Billions lost in damages due to extreme weather events in 2020: Report

Hemani Sheth Mumbai | Updated on December 28, 2020

Dwellings destroyed by cyclone Amphan in West Bengal

Of the 15 most destructive climate disasters of 2020, 10 cost $1.5 bn or more in losses, says Christian Aid

Extreme weather events influenced by climate change, have cost the world billions in damages in 2020, says a new report by the charity Christian Aid.

The report titled ‘Counting the cost 2020: a year of climate breakdown’ identified 15 of the most destructive climate disasters of the year.

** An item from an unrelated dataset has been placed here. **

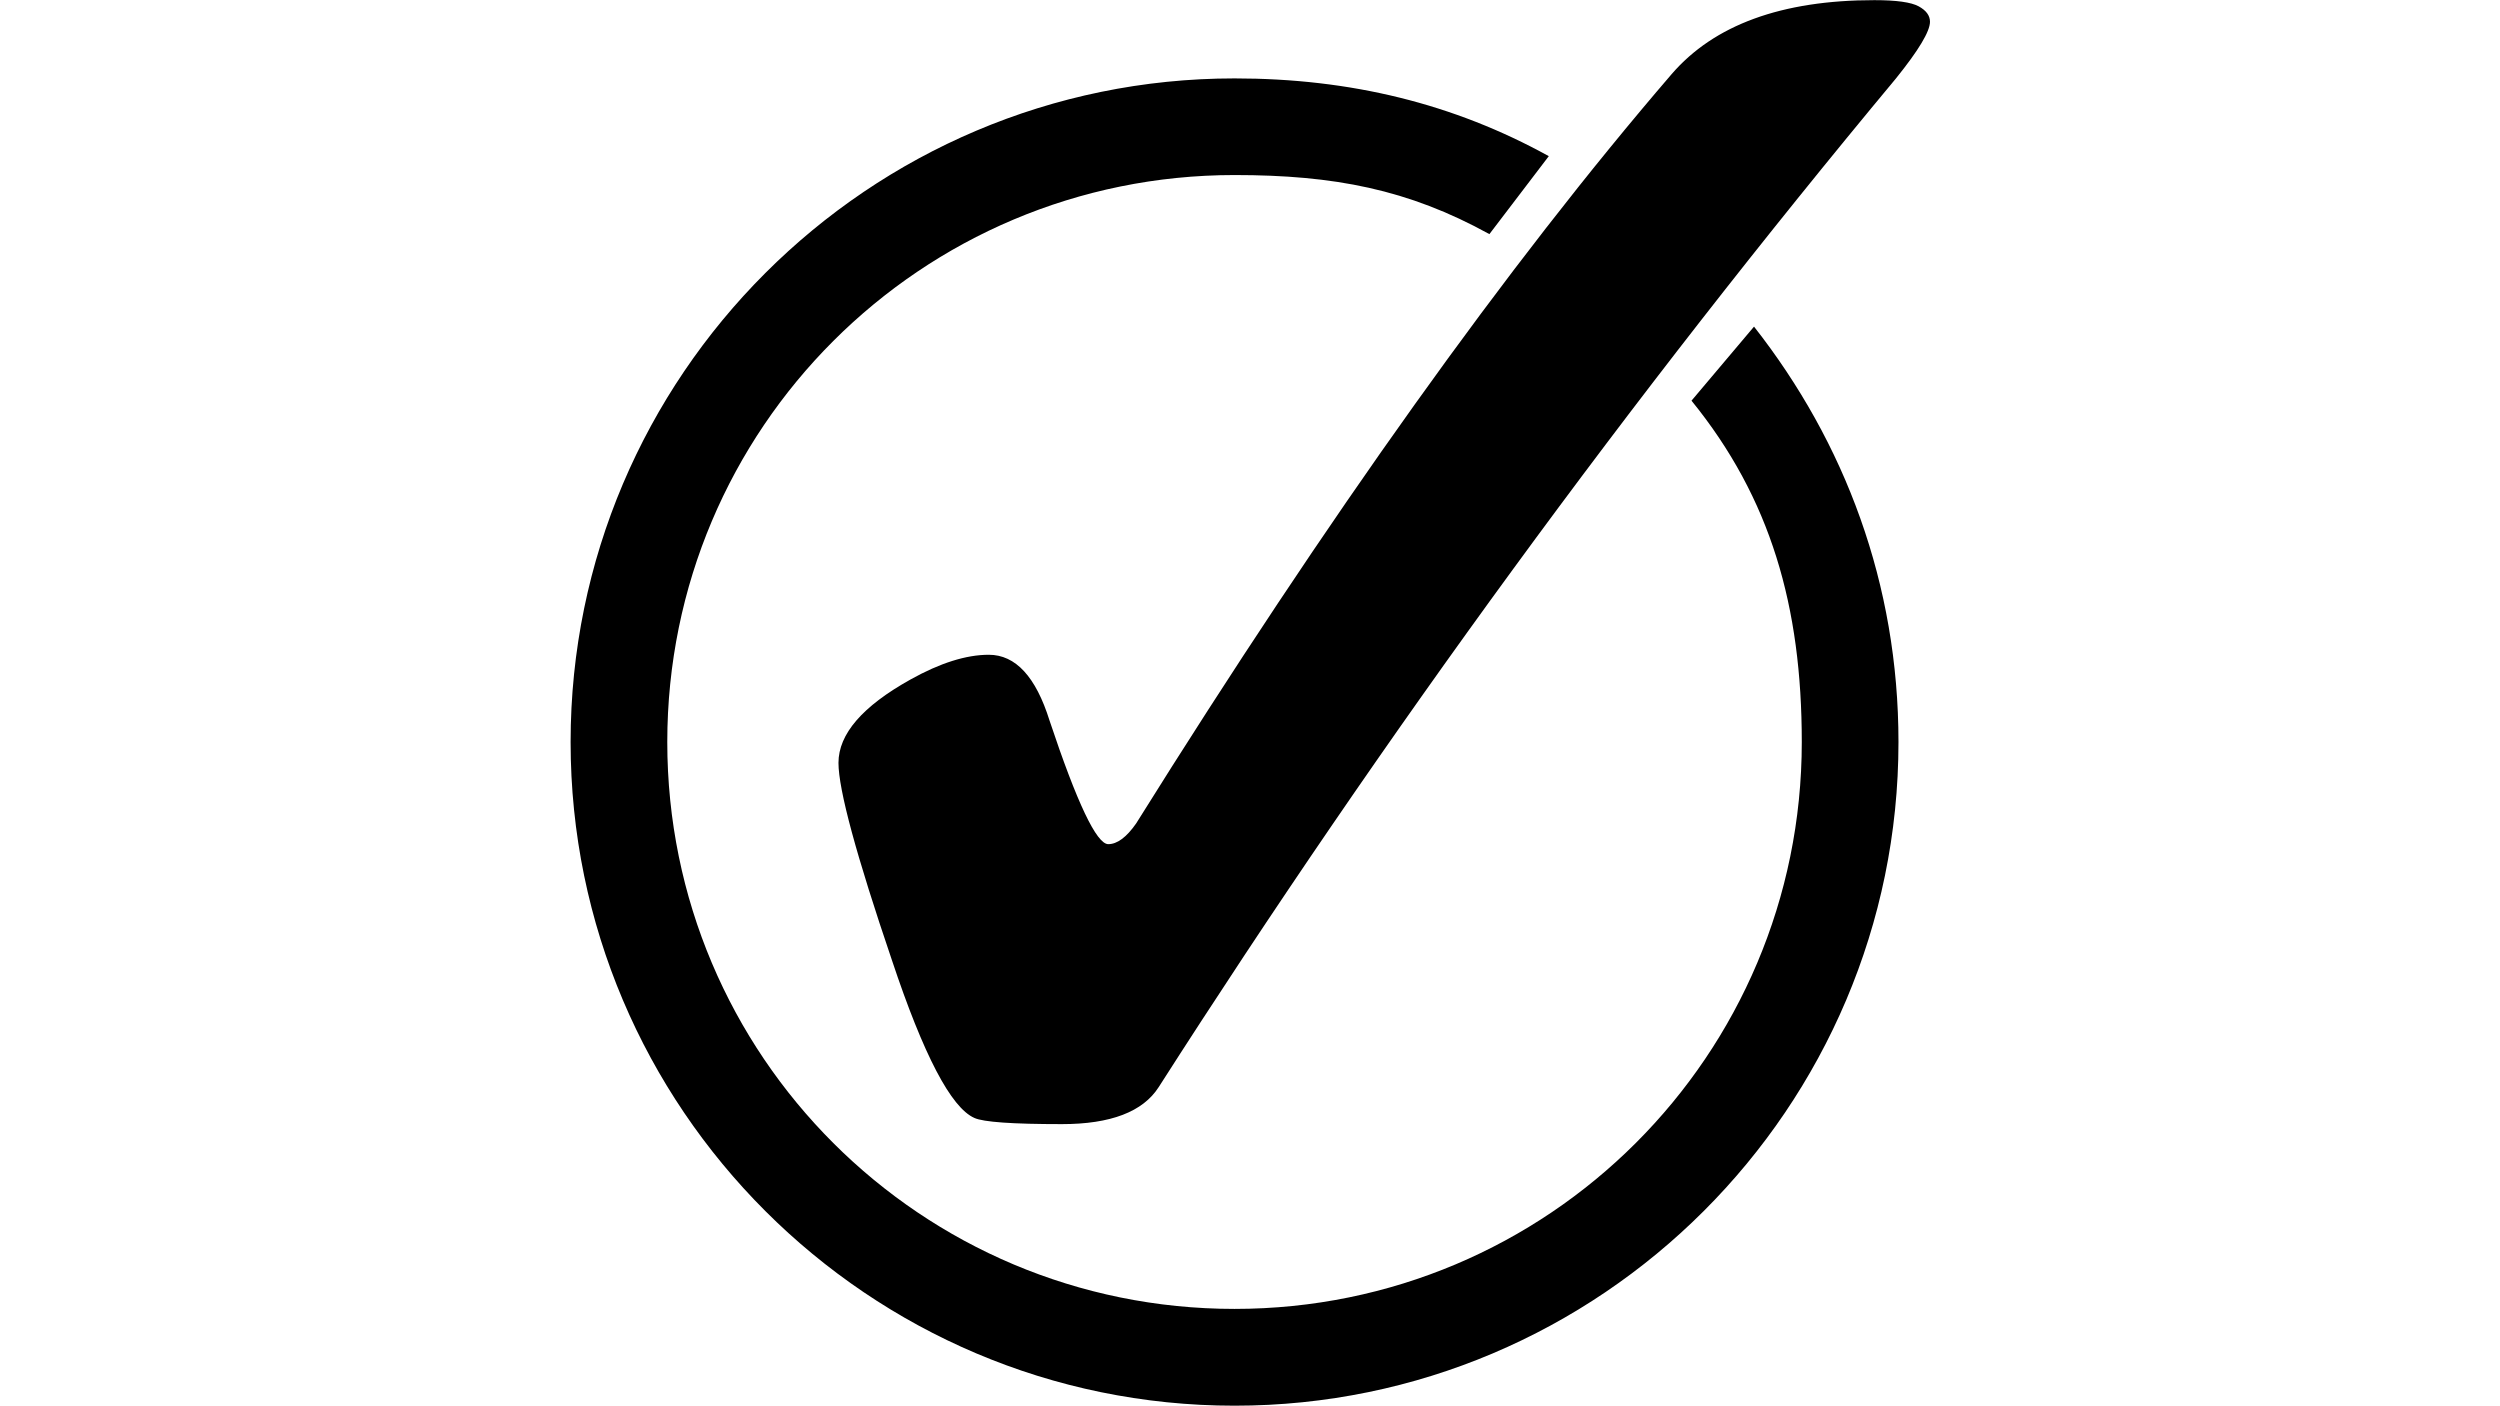 <svg xmlns="http://www.w3.org/2000/svg" xmlns:xlink="http://www.w3.org/1999/xlink" width="1920" zoomAndPan="magnify" viewBox="0 0 1440 810" height="1080" preserveAspectRatio="xMidYMid meet" version="1.0"><defs><clipPath id="60d0ad6008"><path d="M 328.668 45 L 1094 45 L 1094 810 L 328.668 810 Z M 328.668 45 " clip-rule="nonzero"/></clipPath><clipPath id="2b1163b70a"><path d="M 482 0 L 1111.668 0 L 1111.668 648 L 482 648 Z M 482 0 " clip-rule="nonzero"/></clipPath></defs><g clip-path="url(#60d0ad6008)"><path fill="#000000" d="M 711.094 45.16 C 500.297 45.16 328.668 216.715 328.668 427.422 C 328.668 638.125 500.297 809.68 711.094 809.68 C 921.891 809.68 1093.52 638.125 1093.52 427.422 C 1093.52 336.328 1062.684 254.867 1010.316 188.129 L 974.309 230.789 C 1019.961 286.973 1037.828 349.355 1037.828 427.422 C 1037.828 607.988 891.738 753.93 711.09 753.93 C 530.445 753.93 384.355 607.988 384.355 427.422 C 384.355 246.852 530.445 100.824 711.09 100.824 C 768.332 100.824 811.148 109.051 857.891 134.855 L 892.102 89.949 C 837.375 59.738 777.887 45.16 711.094 45.16 Z M 711.094 45.16 " fill-opacity="1" fill-rule="evenodd"/></g><g clip-path="url(#2b1163b70a)"><path fill="#000000" d="M 569.555 377.148 C 584.977 377.148 596.641 389.793 604.551 415.09 C 620.367 462.52 631.637 486.234 638.359 486.234 C 643.5 486.234 648.836 482.281 654.375 474.375 C 765.484 296.52 868.293 152.648 962.797 42.773 C 987.312 14.316 1026.262 0.086 1079.645 0.086 C 1092.297 0.086 1100.797 1.273 1105.148 3.641 C 1109.496 6.016 1111.672 8.98 1111.672 12.535 C 1111.672 18.07 1105.148 28.938 1092.098 45.145 C 939.469 228.539 797.906 422.207 667.422 626.152 C 658.328 640.383 639.742 647.496 611.668 647.496 C 583.199 647.496 566.395 646.309 561.254 643.938 C 547.809 638.012 531.992 607.773 513.801 553.227 C 493.242 492.758 482.961 454.812 482.961 439.398 C 482.961 422.797 496.801 406.789 524.48 391.375 C 541.48 381.891 556.508 377.145 569.555 377.145 " fill-opacity="1" fill-rule="nonzero"/></g></svg>

Ten of these disasters have each caused $1.5 billion or more in damages, as per the study.

“Most of these estimates are based only on insured losses, meaning the true financial costs are likely to be higher,” Christian Aid said in an official release.

Six of these 10 extreme weather events were recorded in Asia, while five were associated with an unusually wet monsoon.

Also read: Record climate disasters in Asia-Pacific push millions to ‘breaking point’

According to the report, Cyclone Amphan, which struck the Bay of Bengal in May caused $13 billion in losses in “just a few days.”

Floods in China and India were estimated to cost $32 billion and $10 billion, respectively.

Two extra-tropical cyclones, Ciara and Alex in Europe, together accounted for losses of nearly $6 billion.

the United States suffered from a record-breaking hurricane season and a record-breaking fire season causing over $60 billion in damages.

Storm Ciara which struck the United Kingdom, Ireland and other European countries in February caused losses totalling $2.7 billion, and killing 14.

“While the report focuses on financial costs, which are usually higher in richer countries because they have more valuable property, some extreme weather events in 2020 were devastating in poorer countries, even though the price tag was lower,” said the report.

The study further focused on increased action for urgent climate action.

Also read: Code red: UN calls for urgent shift to planet-friendly development

Report author and Christian Aid’s climate policy lead Dr Kat Kramer, said, “The Covid-19 pandemic has understandably been a major worry this year. For millions of people in vulnerable parts of the world, climate breakdown has compounded this. The good news is that, like the vaccine for Covid-19, we do know how to fix the climate crisis. We need to keep fossil fuels in the ground, boost clean energy investment and help those who are suffering on the front line.”

“Whether it be floods in Asia, locusts in Africa or storms in Europe and the Americas, climate change has continued to rage in 2020. It is vital that 2021 ushers in a new era of activity to turn this tide,” Kramer added.